Hornbill Unleashed

July 7, 2017

Court of Appeal: No rights are absolute, including right to travel abroad

Filed under: Politics — Hornbill Unleashed @ 8:01 AM

The Court of Appeal has reminded Malaysians that there are no absolute rights in the Federal Constitution, including the right to travel abroad.

Justice Idrus Harun said this in his 44-page judgment published today, in relation to Tony Pua’s appeal to challenge a 2015 travel ban against him.

He referred to the last page of Malaysian-issued international passports, which states that a passport is the property of the Malaysian government and may be withdrawn at any time.

“This is clearly stated in the last paragraph of the passport. With all these conditions accompanying the issuance of a passport, we are inclined to say that at the most, any issuance of a Malaysian passport only carries with it a privilege and not a right to travel overseas.

“It is a privilege given by the government, and under certain appropriate circumstances, whether or not a person should be barred from leaving the country, is subject to the government’s discretion,” Justice Idrus said.

Justice Idrus was part of a three-member bench led by Justice Mohd Zawawi Mohd Salleh, which yesterday rejected Pua’s appeal against the High Court’s dismissal of his judicial review application last year. The application contested the Immigration Department director-general’s decision to prohibit Pua from travelling overseas.

Lawyers for the DAP national publicity secretary have indicated that they will file an application for leave to appeal to the Federal Court soon.

A temporary ban

Justice Idrus, who was formerly Malaysia’s second-highest-ranking prosecutor as solicitor-general, emphasised that the travel ban imposed on Pua had merely been temporary in order to facilitate criminal investigations against Pua at the time.

“Given the fact that Pua was being investigated under Section 124B of the Penal Code, this established fact would constitute a valid and legitimate reason to deny the appellant such privilege.

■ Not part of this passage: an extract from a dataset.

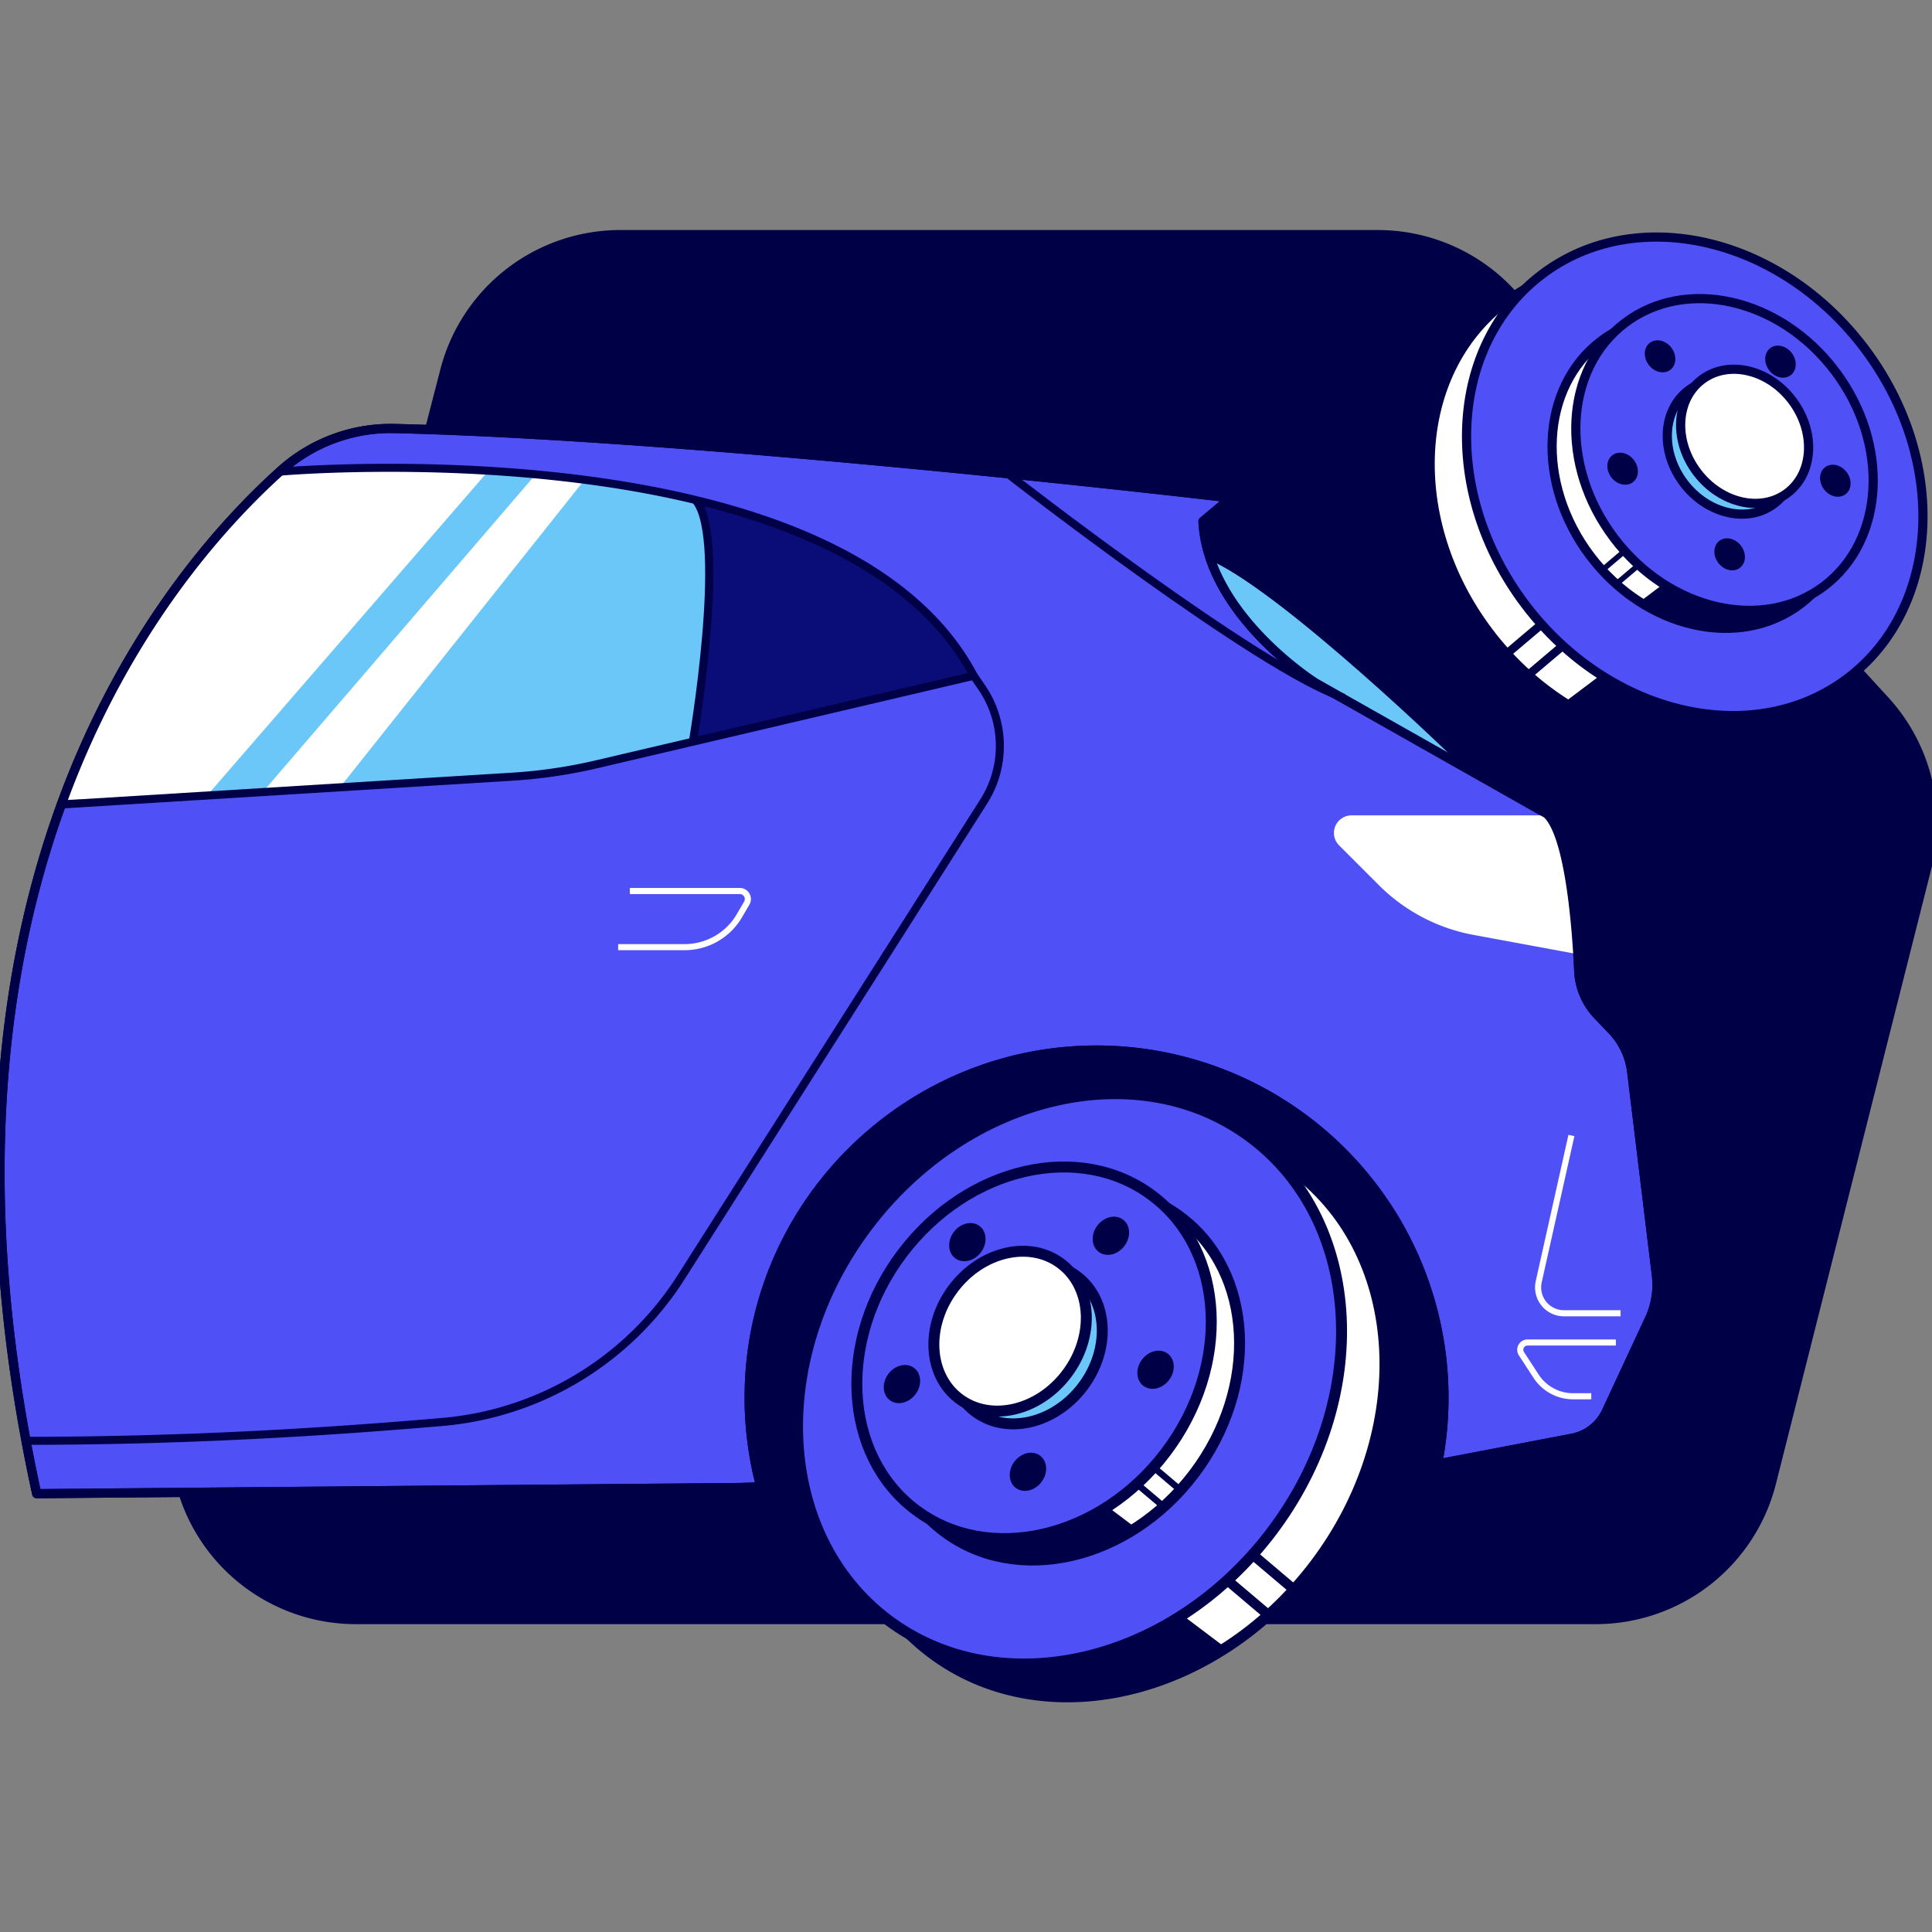 <?xml version="1.0" encoding="UTF-8"?> <svg xmlns="http://www.w3.org/2000/svg" xmlns:xlink="http://www.w3.org/1999/xlink" width="500" height="500" viewBox="0 0 500 500"><rect x="0" y="0" width="500" height="500" fill="#808080" stroke="none"/><defs><clipPath id="b"><rect width="500" height="500"></rect></clipPath></defs><g id="a" clip-path="url(#b)"><g transform="translate(-1.879 33.966)"><path d="M506.968,190.463,466.731,349.734A46.763,46.763,0,0,1,421.4,385.041h-320.9a46.762,46.762,0,0,1-45.272-58.464L123.651,61.944a46.753,46.753,0,0,1,45.273-35.054H365A46.77,46.77,0,0,1,399.456,42.04L496.1,147.4a46.762,46.762,0,0,1,10.874,43.061Z" transform="translate(-6.523 0)" fill="#000047" stroke="#000047" stroke-linejoin="round" stroke-width="2.64"></path><path d="M11.374,359.8l181.973-1.591,5.428-.184a90.087,90.087,0,0,1-3-24.625c.8-49.451,41.942-89.2,91.384-88.395a89.961,89.961,0,0,1,86.76,107.11l34.826-6.661a12.313,12.313,0,0,0,8.846-6.888l11.163-23.987a20.914,20.914,0,0,0,1.8-11.364l-6.4-52.668a18.729,18.729,0,0,0-5.044-10.665l-3.75-3.925a17.752,17.752,0,0,1-4.9-11.425c-.551-11.644-2.378-35.272-8.252-40.7l-59.941-33.9s-27.851-17.553-29.057-41.776l7.264-6.058S185.619,86.113,103.965,84.137A42.513,42.513,0,0,0,74.479,95.108C43.945,122.609-22.8,203.031,11.374,359.793Z" transform="translate(0 -7.203)" fill="#4f51f7" stroke="#000047" stroke-linejoin="round" stroke-width="2.38"></path><path d="M20.051,182.9l116.586-7.186a131.369,131.369,0,0,0,22.046-3.243l97.486-22.877C221.657,84.2,77.02,96.731,77.02,96.731S40.646,125.709,20.051,182.9Z" transform="translate(-2.287 -8.668)" fill="#0a0c78"></path><path d="M184.357,104.354l.017-.2C133.56,91.836,77.02,96.732,77.02,96.732S40.646,125.71,20.051,182.9l116.586-7.186a131.373,131.373,0,0,0,22.046-3.243l24.8-5.822c.839-5.061,8.514-52.563.874-62.3Z" transform="translate(-2.287 -8.668)" fill="#6ac7f8"></path><path d="M55.068,180.738l2.78-.175,72.808-84.033a406.736,406.736,0,0,0-53.586.192S41.2,125.3,20.539,181.691l34.52-.953Z" transform="translate(-2.348 -8.668)" fill="#fff"></path><path d="M162.951,99.118c-4.266-.559-8.5-1.023-12.64-1.407L79.67,179.925l19.983-1.233Z" transform="translate(-9.79 -8.912)" fill="#fff"></path><path d="M423.766,174.872S380.172,132.492,360.8,123.41c0,0,9.992,22.7,27.545,31.784Z" transform="translate(-45.168 -12.146)" fill="#6ac7f8"></path><path d="M451.214,198.669H401.353a4.546,4.546,0,0,0-3.217,7.763l10.306,10.306A46.569,46.569,0,0,0,432.9,229.6l26.207,4.843s.28-27-7.894-35.779Z" transform="translate(-49.698 -21.616)" fill="#fff"></path><path d="M300.551,97.779s64.722,50.447,86.7,57.764" transform="translate(-37.586 -8.921)" fill="none" stroke="#000047" stroke-linejoin="round" stroke-width="2.08"></path><path d="M476.706,354.73H453.838a1.876,1.876,0,0,0-1.573,2.9l3.8,5.831a11.421,11.421,0,0,0,9.572,5.184h4.7" transform="translate(-56.64 -41.257)" fill="none" stroke="#fff" stroke-linejoin="round" stroke-width="1.58"></path><path d="M478.587,339.454H463.945a6.7,6.7,0,0,1-6.539-8.165l8.462-37.851" transform="translate(-57.305 -33.544)" fill="none" stroke="#fff" stroke-linejoin="round" stroke-width="1.58"></path><path d="M20.051,182.9l116.586-7.186a131.369,131.369,0,0,0,22.046-3.243l97.486-22.877C221.657,84.2,77.02,96.731,77.02,96.731" transform="translate(-2.287 -8.668)" fill="none" stroke="#000047" stroke-linejoin="round" stroke-width="2.08"></path><path d="M254.9,157.35l2.019,2.937a26.827,26.827,0,0,1,.551,29.616L179.194,312.958A81.542,81.542,0,0,1,117.4,350.451c-27.685,2.378-64.853,4.878-107.451,4.878" transform="translate(-1.016 -16.418)" fill="none" stroke="#000047" stroke-linejoin="round" stroke-width="2.08"></path><path d="M187.916,221.061h28.454a2.086,2.086,0,0,1,1.8,3.138l-1.9,3.251a16.4,16.4,0,0,1-14.161,8.139H184.891" transform="translate(-23.031 -24.435)" fill="none" stroke="#fff" stroke-linejoin="round" stroke-width="1.58"></path><path d="M206.92,168.327s9.013-52.449.953-62.747" transform="translate(-25.803 -9.903)" fill="none" stroke="#000047" stroke-linejoin="round" stroke-width="2.08"></path><path d="M11.374,359.8l181.973-1.591,5.428-.184a90.087,90.087,0,0,1-3-24.625c.8-49.451,41.942-89.2,91.384-88.395a89.961,89.961,0,0,1,86.76,107.11l34.826-6.661a12.313,12.313,0,0,0,8.846-6.888l11.163-23.987a20.914,20.914,0,0,0,1.8-11.364l-6.4-52.668a18.729,18.729,0,0,0-5.044-10.665l-3.75-3.925a17.752,17.752,0,0,1-4.9-11.425c-.551-11.644-2.378-35.272-8.252-40.7l-59.941-33.9s-27.851-17.553-29.057-41.776l7.264-6.058S185.619,86.113,103.965,84.137A42.513,42.513,0,0,0,74.479,95.108C43.945,122.609-22.8,203.031,11.374,359.793Z" transform="translate(0 -7.203)" fill="none" stroke="#000047" stroke-linejoin="round" stroke-width="2.38"></path><path d="M484.964,141.159A52.974,52.974,0,1,0,431.99,88.185,52.974,52.974,0,0,0,484.964,141.159Z" transform="translate(-54.127 -1.047)" fill="none" stroke="#000047" stroke-linejoin="round" stroke-width="2.08"></path><path d="M488.407,120.684A29.057,29.057,0,1,0,459.35,91.627,29.057,29.057,0,0,0,488.407,120.684Z" transform="translate(-57.57 -4.49)" fill="none" stroke="#000047" stroke-linejoin="round" stroke-width="2.08"></path><path d="M523.878,149.807C548.1,131.479,550.035,93.22,528.2,64.352s-59.185-37.413-83.409-19.085-26.157,56.587-4.317,85.455S499.653,168.135,523.878,149.807Z" transform="translate(-53.282 -1.098)" fill="#fff" stroke="#000047" stroke-miterlimit="10" stroke-width="2.38"></path><path d="M534.665,141.647c24.226-18.328,26.158-56.587,4.318-85.455S479.8,18.779,455.573,37.107s-26.157,56.587-4.317,85.455S510.44,159.974,534.665,141.647Z" transform="translate(-54.64 -0.071)" fill="#4f51f7" stroke="#000047" stroke-miterlimit="10" stroke-width="2.38"></path><path d="M529.312,164.146c-30.158,23.392-64.591.254-64.591.254l9.589-7.229s13.156,10.053,31.006,10.053,24-3.077,24-3.077Z" transform="translate(-58.246 -16.395)" fill="#000047"></path><path d="M462.767,148.961l-8.357,7.072" transform="translate(-56.949 -15.362)" fill="none" stroke="#000047" stroke-miterlimit="10" stroke-width="2.16"></path><path d="M456.436,142.619,448.07,149.7" transform="translate(-56.151 -14.564)" fill="none" stroke="#000047" stroke-miterlimit="10" stroke-width="2.16"></path><path d="M525.629,125.389c15.786-11.943,17.047-36.871,2.817-55.678S489.886,45.338,474.1,57.281s-17.047,36.87-2.817,55.679S509.844,137.332,525.629,125.389Z" transform="translate(-57.826 -3.033)" fill="#fff" stroke="#000047" stroke-miterlimit="10" stroke-width="2.38"></path><path d="M532.654,120.081C548.44,108.139,549.7,83.21,535.473,64.4s-38.562-24.373-54.347-12.43-17.046,36.871-2.817,55.678S516.87,132.024,532.654,120.081Z" transform="translate(-58.71 -2.365)" fill="#4f51f7" stroke="#000047" stroke-miterlimit="10" stroke-width="2.38"></path><path d="M529.172,134.786c-19.651,15.237-42.082.166-42.082.166l6.241-4.712a36.413,36.413,0,0,0,20.2,6.547C525.159,136.787,529.172,134.786,529.172,134.786Z" transform="translate(-61.061 -13.006)" fill="#000047"></path><path d="M485.817,124.891l-5.446,4.616" transform="translate(-60.216 -12.333)" fill="none" stroke="#000047" stroke-miterlimit="10" stroke-width="1.4"></path><path d="M481.686,120.76l-5.446,4.616" transform="translate(-59.696 -11.813)" fill="none" stroke="#000047" stroke-miterlimit="10" stroke-width="1.4"></path><path d="M523.134,101.78c6.791-5.138,7.333-15.864,1.211-23.957s-16.592-10.488-23.384-5.35-7.333,15.864-1.211,23.957S516.343,106.919,523.134,101.78Z" transform="translate(-62.119 -5.396)" fill="#6ac7f8" stroke="#000047" stroke-miterlimit="10" stroke-width="2.38"></path><path d="M527.089,98.6c6.791-5.138,7.333-15.864,1.211-23.957s-16.591-10.488-23.384-5.35-7.333,15.864-1.211,23.957S520.3,103.741,527.089,98.6Z" transform="translate(-62.616 -4.996)" fill="#fff" stroke="#000047" stroke-miterlimit="10" stroke-width="2.38"></path><path d="M484.344,98.94c1.621-1.226,1.749-3.787.287-5.72s-3.962-2.505-5.582-1.279-1.749,3.787-.287,5.72S482.723,100.167,484.344,98.94Z" transform="translate(-59.885 -8.105)" fill="#000047"></path><path d="M516.029,124.286c1.622-1.226,1.75-3.788.288-5.72s-3.962-2.505-5.582-1.279-1.749,3.787-.288,5.72S514.408,125.512,516.029,124.286Z" transform="translate(-63.873 -11.295)" fill="#000047"></path><path d="M547.316,102.5c1.622-1.226,1.75-3.787.288-5.72s-3.962-2.505-5.582-1.279-1.749,3.787-.288,5.72S545.7,103.725,547.316,102.5Z" transform="translate(-67.81 -8.553)" fill="#000047"></path><path d="M531.076,67.247c1.622-1.226,1.75-3.787.288-5.72s-3.962-2.506-5.582-1.279-1.75,3.787-.288,5.72S529.455,68.473,531.076,67.247Z" transform="translate(-65.766 -4.117)" fill="#000047"></path><path d="M495.434,65.667c1.621-1.226,1.749-3.787.287-5.72s-3.962-2.505-5.582-1.279-1.749,3.787-.287,5.72S493.812,66.893,495.434,65.667Z" transform="translate(-61.281 -3.918)" fill="#000047"></path><path d="M322.57,416.27a63.14,63.14,0,1,0-63.14-63.14A63.14,63.14,0,0,0,322.57,416.27Z" transform="translate(-32.411 -33.11)" fill="none" stroke="#000047" stroke-linejoin="round" stroke-width="2.48"></path><path d="M326.672,391.876a34.643,34.643,0,1,0-34.643-34.643A34.643,34.643,0,0,0,326.672,391.876Z" transform="translate(-36.514 -37.212)" fill="none" stroke="#000047" stroke-linejoin="round" stroke-width="2.48"></path><path d="M373.532,404.134c26.032-34.408,23.727-80.011-5.148-101.858S295,290.613,268.965,325.021s-23.727,80.011,5.148,101.858S347.5,438.542,373.532,404.134Z" transform="translate(-31.332 -33.208)" fill="#fff" stroke="#000047" stroke-miterlimit="10" stroke-width="2.83"></path><path d="M360.677,394.417c26.032-34.408,23.727-80.011-5.149-101.857S282.141,280.9,256.109,315.3s-23.727,80.011,5.149,101.858S334.645,428.825,360.677,394.417Z" transform="translate(-29.714 -31.985)" fill="#4f51f7" stroke="#000047" stroke-miterlimit="10" stroke-width="2.83"></path><path d="M276.811,443.672c35.945,27.877,77,.306,77,.306l-11.426-8.619s-15.681,11.976-36.958,11.976-28.611-3.671-28.611-3.671Z" transform="translate(-34.599 -51.404)" fill="#000047"></path><path d="M365.77,425.57l9.965,8.436" transform="translate(-45.794 -50.172)" fill="none" stroke="#000047" stroke-miterlimit="10" stroke-width="2.57"></path><path d="M373.32,418.02l9.965,8.436" transform="translate(-46.744 -49.222)" fill="none" stroke="#000047" stroke-miterlimit="10" stroke-width="2.57"></path><path d="M343.856,382.974c16.961-22.419,15.459-52.133-3.357-66.368s-47.819-7.6-64.78,14.819-15.459,52.133,3.357,66.368S326.894,405.394,343.856,382.974Z" transform="translate(-32.976 -35.516)" fill="#fff" stroke="#000047" stroke-miterlimit="10" stroke-width="2.83"></path><path d="M335.481,376.632c16.961-22.419,15.459-52.133-3.357-66.368s-47.819-7.6-64.78,14.818-15.459,52.134,3.357,66.368S318.519,399.052,335.481,376.632Z" transform="translate(-31.923 -34.718)" fill="#4f51f7" stroke="#000047" stroke-miterlimit="10" stroke-width="2.83"></path><path d="M280.84,408.681c23.419,18.165,50.168.2,50.168.2l-7.448-5.612a43.42,43.42,0,0,1-24.074,7.806c-13.855,0-18.646-2.386-18.646-2.386Z" transform="translate(-35.106 -47.365)" fill="#000047"></path><path d="M338.8,396.891l6.495,5.49" transform="translate(-42.4 -46.563)" fill="none" stroke="#000047" stroke-miterlimit="10" stroke-width="1.67"></path><path d="M343.721,391.961l6.495,5.5" transform="translate(-43.019 -45.942)" fill="none" stroke="#000047" stroke-miterlimit="10" stroke-width="1.67"></path><path d="M317.455,363.261c7.3-9.645,6.651-22.426-1.441-28.549s-20.568-3.268-27.865,6.376-6.651,22.426,1.442,28.55S310.159,372.905,317.455,363.261Z" transform="translate(-35.387 -38.332)" fill="#6ac7f8" stroke="#000047" stroke-miterlimit="10" stroke-width="2.83"></path><path d="M312.733,359.484c7.3-9.645,6.651-22.426-1.441-28.549s-20.569-3.268-27.865,6.376-6.651,22.426,1.441,28.549S305.436,369.128,312.733,359.484Z" transform="translate(-34.792 -37.857)" fill="#fff" stroke="#000047" stroke-miterlimit="10" stroke-width="2.83"></path><path d="M346.81,364.734c1.741-2.3,1.587-5.354-.346-6.817s-4.911-.781-6.653,1.521-1.587,5.354.345,6.817S345.068,367.036,346.81,364.734Z" transform="translate(-42.374 -41.561)" fill="#000047"></path><path d="M309.03,394.947c1.742-2.3,1.587-5.354-.345-6.817s-4.912-.782-6.653,1.521-1.587,5.354.345,6.817S307.289,397.248,309.03,394.947Z" transform="translate(-37.62 -45.363)" fill="#000047"></path><path d="M271.726,368.974c1.741-2.3,1.587-5.354-.346-6.817s-4.911-.781-6.653,1.521-1.587,5.354.345,6.817S269.984,371.276,271.726,368.974Z" transform="translate(-32.926 -42.095)" fill="#000047"></path><path d="M291.095,326.952c1.741-2.3,1.587-5.353-.346-6.816s-4.911-.782-6.653,1.521-1.587,5.354.345,6.817S289.353,329.254,291.095,326.952Z" transform="translate(-35.363 -36.806)" fill="#000047"></path><path d="M333.585,325.068c1.742-2.3,1.587-5.354-.345-6.817s-4.912-.781-6.654,1.521-1.587,5.354.346,6.817S331.843,327.37,333.585,325.068Z" transform="translate(-40.71 -36.569)" fill="#000047"></path></g></g></svg>

“The decision (by the Immigration Department) can scarcely be said or intended to be a permanent bar so that the appellant will be deprived of the privilege (to travel).

“It is merely a decision to facilitate the police investigations. The fact that his passport has not been withdrawn clearly supports our finding that the ban is not perpetual.

“Even if such privilege is a guaranteed right under the constitution as submitted by Pua’s lawyers, we would hold with very little hesitation that no rights as enshrined in our constitution are absolute, for such rights are accorded subject to some permissible restrictions or restraints decreed by it,” he said.

Pua was barred from travelling to Yogyakarta, Indonesia, on July 22, 2015, after inspector-general of police Khalid Abu Bakar informed the Immigration Department’s director-general, via a letter dated July 15, 2015, that the DAP politician was being investigated under Section 124B of the Penal Code on an alleged activity detrimental to parliamentary democracy. He was investigated as a witness and not a suspect.

As a result of this, Pua filed an application for judicial review in August 2015, to quash the Immigration Department’s decision to issue the order to ban him from travelling abroad.

The Kuala Lumpur High Court had dismissed the application, ruling that the right to travel abroad was not a constitutional right for all.

However, the Immigration Department lifted the travel ban on Pua in October 2016.

His lawyers had previously argued that Pua’s right to personal liberty under Article 5 of the constitution was affected as a result of the travel ban.

Limited freedom of movement

Justice Idrus recognised that under Article 9 of the constitution, there is a provision for freedom of movement which guarantees citizens the right to enter Malaysia, subject to the special immigration laws applied in Sabah and Sarawak.

He noted that Article 9 gives citizens the right to move or reside freely within the country subject to the limitations set out therein.

Nevertheless, he said, “It is silent as to the citizens’ right to leave the country, travel overseas and have a passport for that purpose, and accordingly in our judgment, the citizen has no constitutional right to leave the country and travel overseas”.

Arguing further on personal liberty and other rights enshrined under the subject of fundamental liberties in the constitution, the judge said fundamental liberties should not be viewed as including certain other rights such as the right to a passport, or the right to travel.

“Such rights are akin to privileges than rights of life or personal liberty matters, which fall more appropriately under Article 9 (freedom of movement),” he said.

Justice Idrus further ruled on the constitutionality of Section 59 of the Immigration Act, which excludes the right of the public to be heard before the director-general of the Immigration Department and the home affairs minister.

He stated that Section 59 of the Immigration Act was in line with Article 8(1) of the constitution, which declares the equality of all persons before the law and their entitlement to legal protection.

“We have no doubt at all that Section 59 is consistent with Article 8(1). Our decision is equally applicable to Article 8(1) as there is no reason for us to conclude that Section 59 offends the said article. Equality before the law and equal protection of the law under Article 8(1) require that like should be compared with like.

“What Article 8(1) assures individuals such as Pua is the right to equal treatment with other individuals in similar circumstances. It prohibits laws which require some individuals within a single class be treated differently. There is no such allegation or evidence that he is being treated differently,” he said.